Roberto Solis Rodriguez had the ideal situation—he scored a paid internship while in school and the company where he interned liked him so much he got hired on full time at the end of his internship, before he even completed his education.
Though this does happen to a select few, what’s unique about this scenario is that the wages of up to 150 hours of Solis Rodriguez’s internship were subsidized by the San Diego Workforce Partnership as part of TechHire San Diego, the local chapter of a nationwide movement that aims to level the playing field for tech jobs by matching up training and employment opportunities with information and communication technologies job seekers from underrepresented backgrounds.
The participating TechHire employer that hired Solis Rodriguez, HoverCam, is an educational technology leader specializing in interactive products such as digital podiums and smart panels for over 300,000 school and university classrooms across the world.
Since September of 2017, Solis Rodriguez has been a technical support engineer offering customer service and assistance with installations. He’s even had the opportunity to tour with HoverCam doing product demos across Southern California.
“I was impressed with how quickly Roberto jumped in with all the tasks we assigned to him,” said Technical Support Manager Keith White, Solis Rodriguez’s supervisor. “He has gotten compliments on how great of a tech he’s been and on his phone demeanor. He’s also been able to interject with his own ideas. That’s what we want in a tech—not just a robot that can fix something, but someone who can bring other ideas.”
“We burned through Roberto’s 150 hours pretty quickly,” said HoverCam’s Marketing & Media Relations Manager Jaime Falcón. “We were constantly finding things for him to do because we were impressed by him. We saw that he was trainable.”
“AND he can take a joke,” White added. “We prank each other once in a while. He knows how to have fun and get things done at the same time.”

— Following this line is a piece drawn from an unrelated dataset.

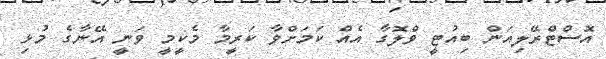
އޮސްޓްރޭލިއަން ބިއުޓީ ވްލޮގާ އެއް ކަމަށްވާ ކަރީމާ މެކީމީ ވަނީ އޭނާގެ މުޅި
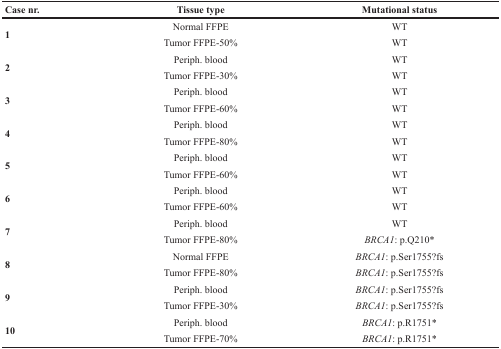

So why hire through TechHire?
“At first, we were looking for just marketing interns—people with nontraditional backgrounds, and initially getting only résumés from prestigious schools,” said Falcón. “But we are not blown away by résumés. Anybody can write anything and say, ‘I did this, and I did that.’ We believe in actual proof.”
Through the internship interview process, the team learned that those who came from less prestigious educational backgrounds often worked harder and turned in test projects more quickly.
As for why Solis Rodriguez chose to intern with HoverCam, he is impressed with the company’s dedication to bringing the concept of the 21st century classroom to life, an idea that has been around since 1999, but to date has yet to become a widespread reality.
“I wanted to learn more about working with cameras and computers,” said Solis Rodriguez. “Working at HoverCam lets me combine my interests.”
“There are children born in 2000 about to graduate from high school who never had that promise fulfilled for them. It is our goal to fulfill that promise and actualize the concept of a fully digital classroom,” said Falcón. “Roberto has had a great rapport to service our products, which have a direct impact on the world; we are providing technology and tools to educators, and educators are the front lines to changing the world. If you can spark one mind, that mind can change the world, so why not spark as many minds as possible?”
“I love what they do here,” said Solis Rodriguez. “I love learning troubleshooting, about products and purpose.”